(Mis)understanding Sustainability

Last month in my weekly column I questioned if ‘environment’ and ‘sustainability’ are dirty words in Whanganui as they were hardly mentioned in the candidates’ statements for the local body elections. One eager candidate contacted me, and suggested that they were not dirty words, but just that different language was being used. The candidate suggested terms like ‘sustainable growth’ and ‘sustainable job creation.’
How sustainable is running outdoor lighting during the daytime?

The response leads me to believe that ‘sustainability’ may not so much be a dirty word in Whanganui as a misunderstood one. This is not so much of a surprise as, by and large, our schools have not done a good job educating for sustainability, or even for an understanding of what sustainability is. That’s a shame because there is a mountain of research showing that engaging children in sustainability learning can enhance their learning of maths, science, social science and languages. But that’s not what I’m here to write about today. (I’ve already written a 400-page thesis on the topic.)
The term ‘sustainable growth’, when examined through the lens of sustainability, is an oxymoron. From a sustainability perspective, growth for growths sake is unsustainable. It is a bit like cancer: it can grow and grow but ultimately stops growing when it kills the host. Any broadly accepted definition of sustainability emphasizes balancing economic growth with environmental protection and social wellbeing.

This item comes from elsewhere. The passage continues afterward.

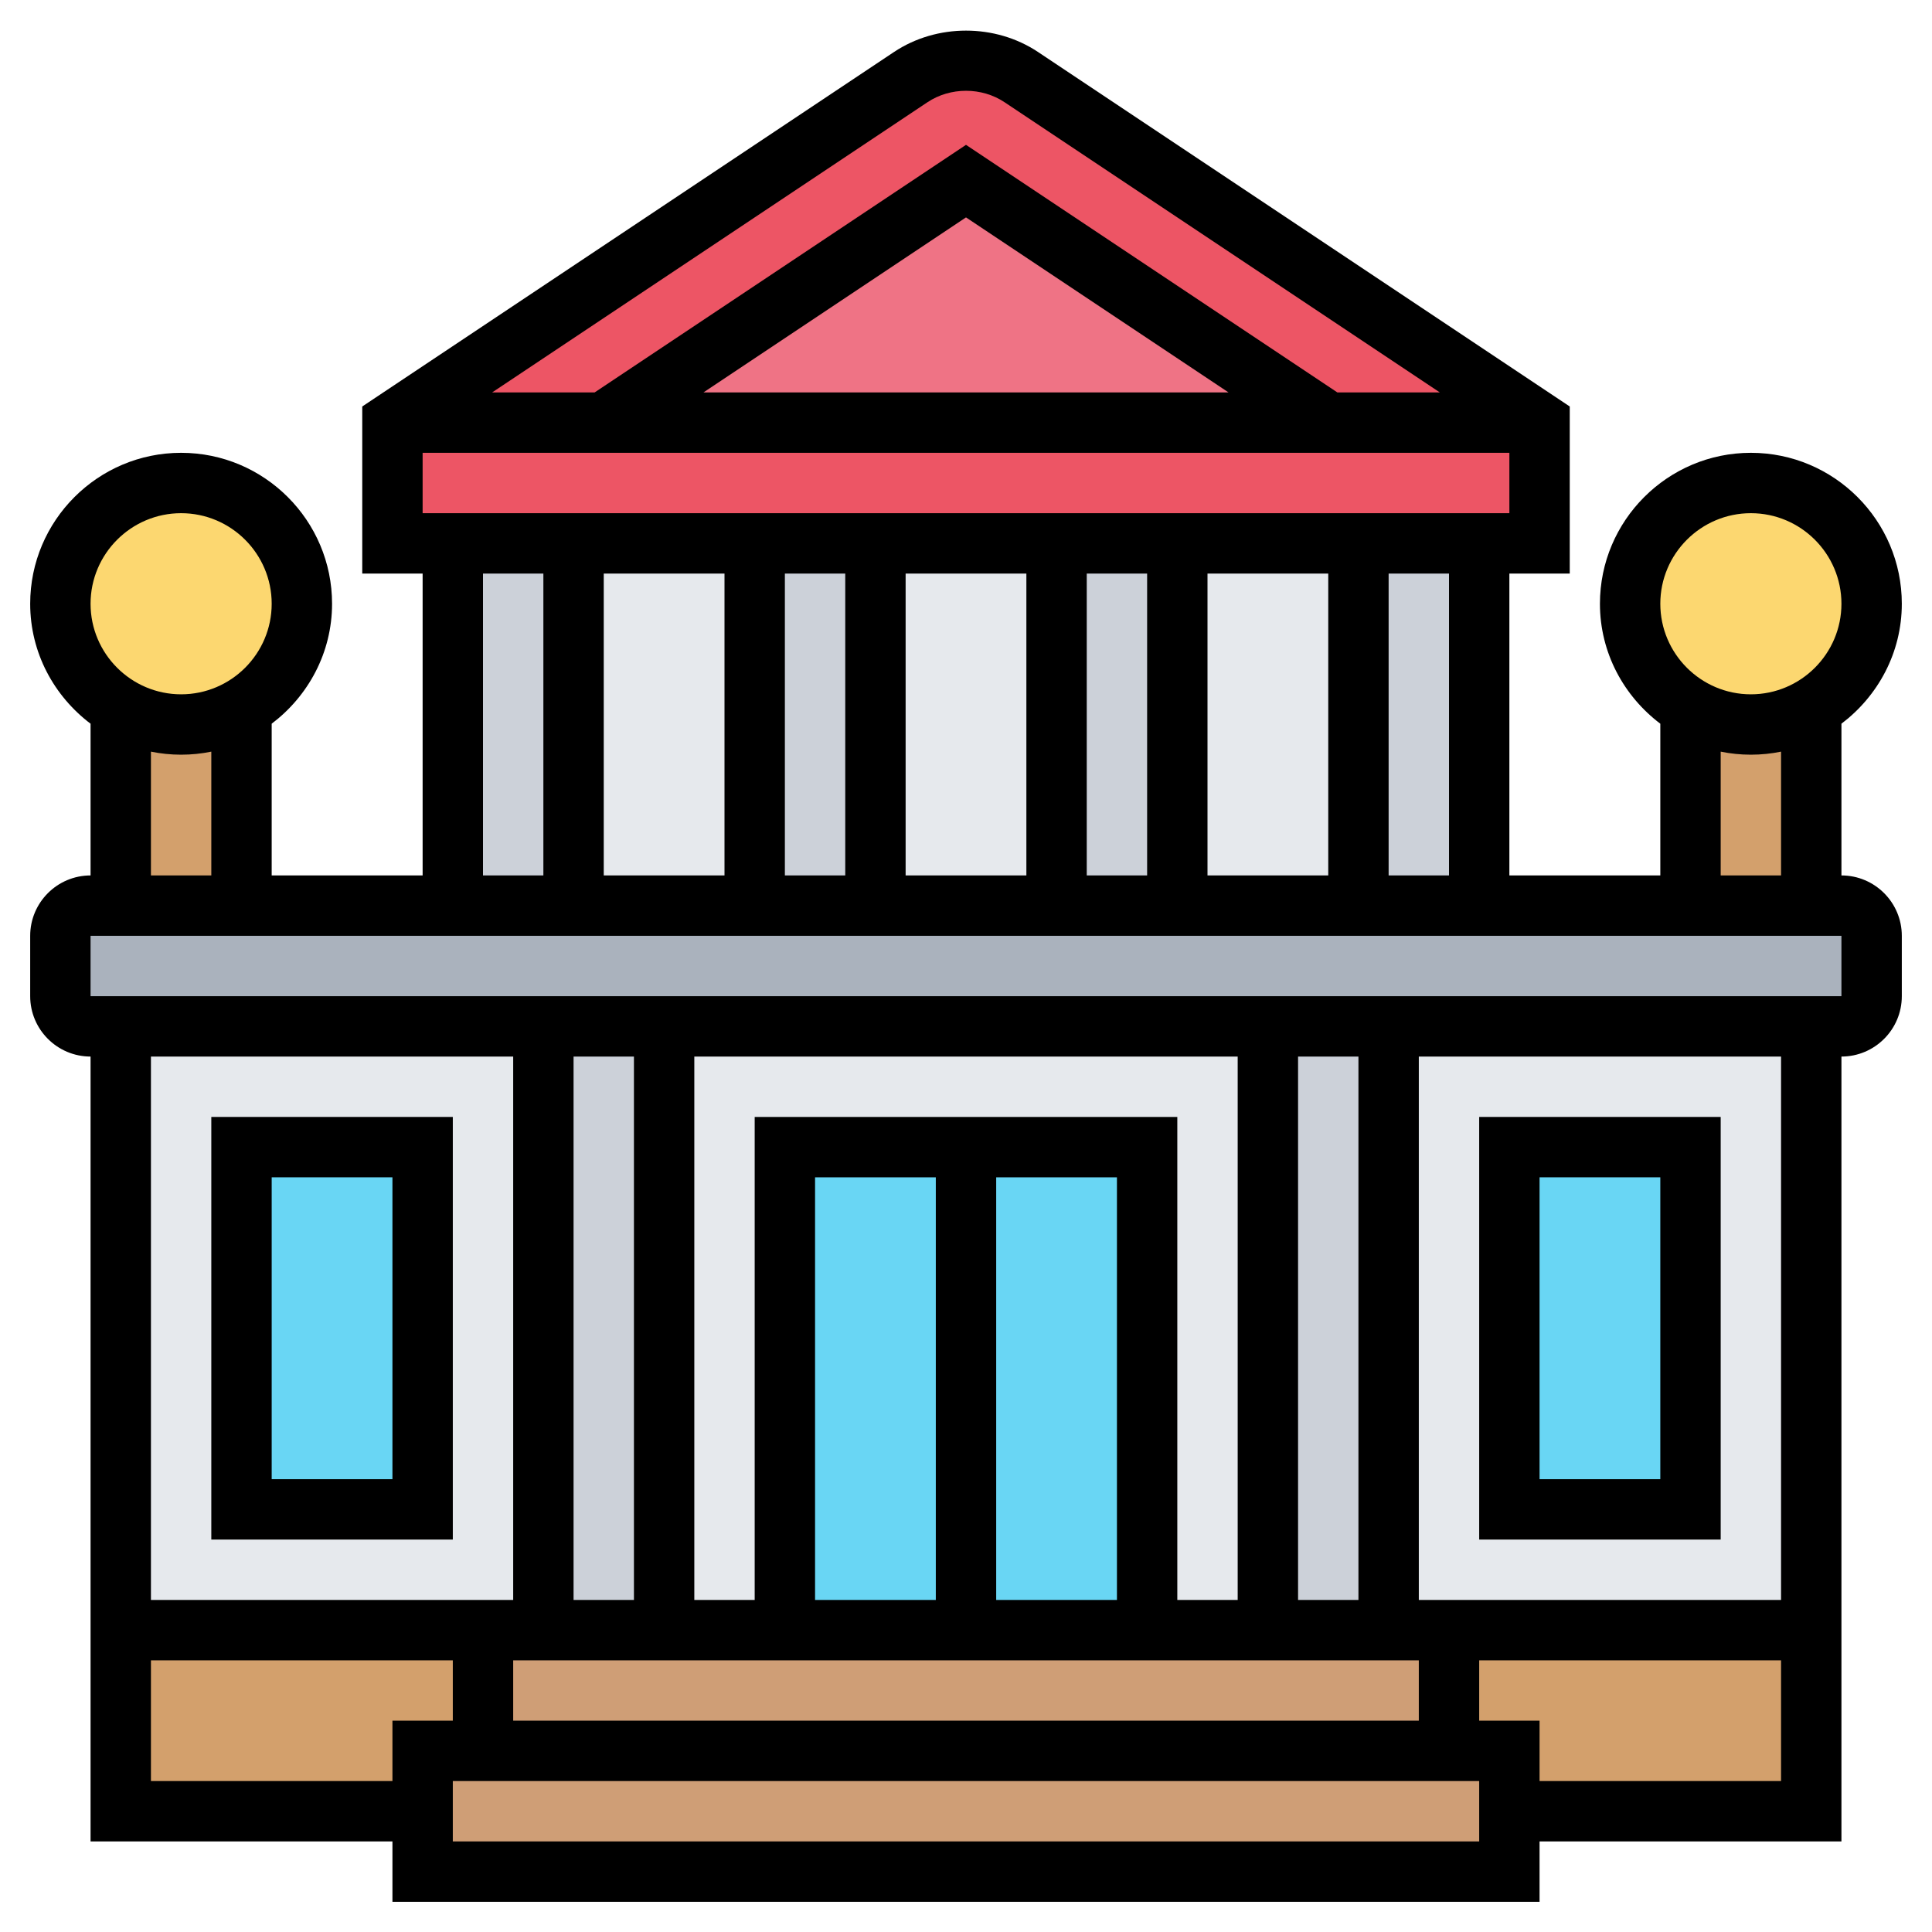 <svg id="Layer_5" enable-background="new 0 0 64 64" height="512" viewBox="0 0 64 64" width="512" xmlns="http://www.w3.org/2000/svg"><g><g><g><path d="m56 23h4v7h-4z" fill="#d3a06c"/></g><g><path d="m4 23h4v7h-4z" fill="#d3a06c"/></g><g><path d="m62 31v2c0 .55-.45 1-1 1h-1-14-4-20-4-14-1c-.55 0-1-.45-1-1v-2c0-.55.45-1 1-1h1 4 7 4 6 4 6 4 6 4 7 4 1c.55 0 1 .45 1 1z" fill="#aab2bd"/></g><g><path d="m60 54v6h-10v-2h-2v-4z" fill="#d3a06c"/></g><g><path d="m16 54v4h-2v2h-10v-6z" fill="#d3a06c"/></g><g><path d="m48 54v4h-32v-4h2 4 4 12 4 4z" fill="#cf9e76"/></g><g><path d="m50 60v2h-36v-2-2h2 32 2z" fill="#cf9e76"/></g><g><path d="m60 34v20h-12-2v-20z" fill="#e6e9ed"/></g><g><path d="m42 34v20h-17.143-2.857v-20z" fill="#e6e9ed"/></g><g><path d="m18 34v20h-2-12v-20z" fill="#e6e9ed"/></g><g><path d="m42 34h4v20h-4z" fill="#ccd1d9"/></g><g><path d="m18 34h4v20h-4z" fill="#ccd1d9"/></g><g><path d="m50 38h6v12h-6z" fill="#69d6f4"/></g><g><path d="m8 38h6v12h-6z" fill="#69d6f4"/></g><g><path d="m26 38h12v16h-12z" fill="#69d6f4"/></g><g><path d="m39 18h6v12h-6z" fill="#e6e9ed"/></g><g><path d="m29 18h6v12h-6z" fill="#e6e9ed"/></g><g><path d="m19 18h6v12h-6z" fill="#e6e9ed"/></g><g><path d="m45 18h4v12h-4z" fill="#ccd1d9"/></g><g><path d="m35 18h4v12h-4z" fill="#ccd1d9"/></g><g><path d="m25 18h4v12h-4z" fill="#ccd1d9"/></g><g><path d="m15 18h4v12h-4z" fill="#ccd1d9"/></g><g><path d="m33.83 2.55c-.54-.36-1.18-.55-1.83-.55s-1.29.19-1.83.55l-17.17 11.45v4h2 4 6 4 6 4 6 4 2v-4z" fill="#ed5565"/></g><g><path d="m44 14h-24l12-8z" fill="#ef7385"/></g><g><path d="m60 23.46c-.59.34-1.27.54-2 .54s-1.41-.2-2-.54c-1.2-.69-2-1.98-2-3.46 0-2.21 1.79-4 4-4s4 1.79 4 4c0 1.48-.8 2.77-2 3.46z" fill="#fcd770"/></g><g><path d="m8 23.46c-.59.34-1.27.54-2 .54s-1.41-.2-2-.54c-1.2-.69-2-1.98-2-3.46 0-2.21 1.79-4 4-4s4 1.79 4 4c0 1.48-.8 2.77-2 3.46z" fill="#fcd770"/></g></g><g><path d="m61 29v-5.026c1.207-.914 2-2.348 2-3.974 0-2.757-2.243-5-5-5s-5 2.243-5 5c0 1.627.793 3.061 2 3.974v5.026h-5v-10h2v-5.535l-17.613-11.742c-1.417-.945-3.356-.945-4.773 0l-17.614 11.742v5.535h2v10h-5v-5.026c1.207-.914 2-2.348 2-3.974 0-2.757-2.243-5-5-5s-5 2.243-5 5c0 1.627.793 3.061 2 3.974v5.026c-1.103 0-2 .897-2 2v2c0 1.103.897 2 2 2v26h10v2h38v-2h10v-26c1.103 0 2-.897 2-2v-2c0-1.103-.897-2-2-2zm-3-12c1.654 0 3 1.346 3 3s-1.346 3-3 3-3-1.346-3-3 1.346-3 3-3zm-1 7.899c.323.066.658.101 1 .101s.677-.035 1-.101v4.101h-2zm-9 4.101h-2v-10h2zm-24-10v10h-4v-10zm2 0h2v10h-2zm4 0h4v10h-4zm6 0h2v10h-2zm4 0h4v10h-4zm-26-2v-2h36v2zm9.303-4 8.697-5.798 8.697 5.798zm7.42-9.613c.759-.506 1.796-.506 2.555 0l14.419 9.613h-3.395l-12.302-8.202-12.303 8.202h-3.395zm-14.723 15.613h2v10h-2zm-10-2c1.654 0 3 1.346 3 3s-1.346 3-3 3-3-1.346-3-3 1.346-3 3-3zm-1 7.899c.323.066.658.101 1 .101s.677-.035 1-.101v4.101h-2zm12 10.101v18h-2-10v-18zm0 22v-2h1 29v2zm20-4h-4v-14h4zm-6 0h-4v-14h4zm12 0v-18h2v18zm-2 0h-2v-16h-14v16h-2v-18h18zm-20 0h-2v-18h2zm-16 6v-4h10v2h-2v2zm44 2h-34v-2h34zm2-2v-2h-2v-2h10v4zm8-6h-10-1-1v-18h12zm2-20h-58v-2h58z"/><path d="m57 37h-8v14h8zm-2 12h-4v-10h4z"/><path d="m15 51v-14h-8v14zm-6-12h4v10h-4z"/></g></g></svg>

It appears to me that the candidate must have confused ‘sustainable growth’ with ‘sustaining growth.’ Sustaining growth is business-as-usual for industrial Western society. It simply means, how do we keep growth growing? In the words of the Onceler from The Lorax, “biggering and biggering and biggering and biggering.”
But in the well-known Dr. Seuss story, the Onceler ultimately runs up against limits to growth. In some ways, sustainability is about proactively ‘living within limits’ so that we don’t bump up against harsh realities down the track. These could be ‘Inconvenient Truths’ or debt defaults.
However, there is a perception that selling ‘living within limits’ to the population of a consumer society is a bit like selling Wallaby jerseys at Eden Park. It brings to mind the words of Winston Churchill, “I have nothing to offer but blood, toil, tears and sweat.”
It’s not really that bad, but there is a common misunderstanding that sustainability is all about sacrifice and deprivation. In my experience, this could not be further from the truth. The type of sustainability that I embrace – based on good eco-design – cultivates win-win-win situations between the environment, economics, and human needs.
An obvious example of this is energy efficiency. Saving power saves money while providing the same or better services for people. Meanwhile, people can use the savings to enhance their lives in other ways: eating healthy, local food; buying beautiful, local art; hiring a baby-sitter so mum and dad can go out to a local restaurant.
Do you see a trend developing here? Every dollar we do not send to power companies in Auckland, Christchurch and Wellington is a dollar potentially spent right here at home. All of this money already exists in Whanganui. We do not need to ‘attract’ these dollars here to boost our economy.
From this perspective, I think it is downright silly for us to voluntarily send millions – yes millions – of dollars away from our city every year for no reasons that I can discern other than apathy or indifference. Any concerted effort to save power in Whanganui would simultaneously: help low-income families and pensioners; support local businesses; lower health-associated expenses; help the environment; and, create local jobs. How many wins is that?
Other cities have embraced this logic to great effect. Yet Whanganui has not, and I’m at a loss as to understand why not. Is it that we are so wealthy we do not feel we need to worry about saving power and money? Hardly. Yet, every time I go to the Central Library I am reminded of what appears to be the apathy or indifference of our Council regarding sustainability.
Lightbulbs burning under a skylight at mid-day.
It has now been over three years since I first mentioned to library staff that the outside lights were running during the daytime. As of last week, they were still shining brightly on a sunny day. A conservative estimate puts the cost to ratepayers at $600 since I first brought the issue up in October, 2010. How long do participants in a democracy put up with such an unsustainable waste of their money? With so much chatter about our city’s debt, and debate over rates, it is unfathomable to me that we cannot simply turn off a light.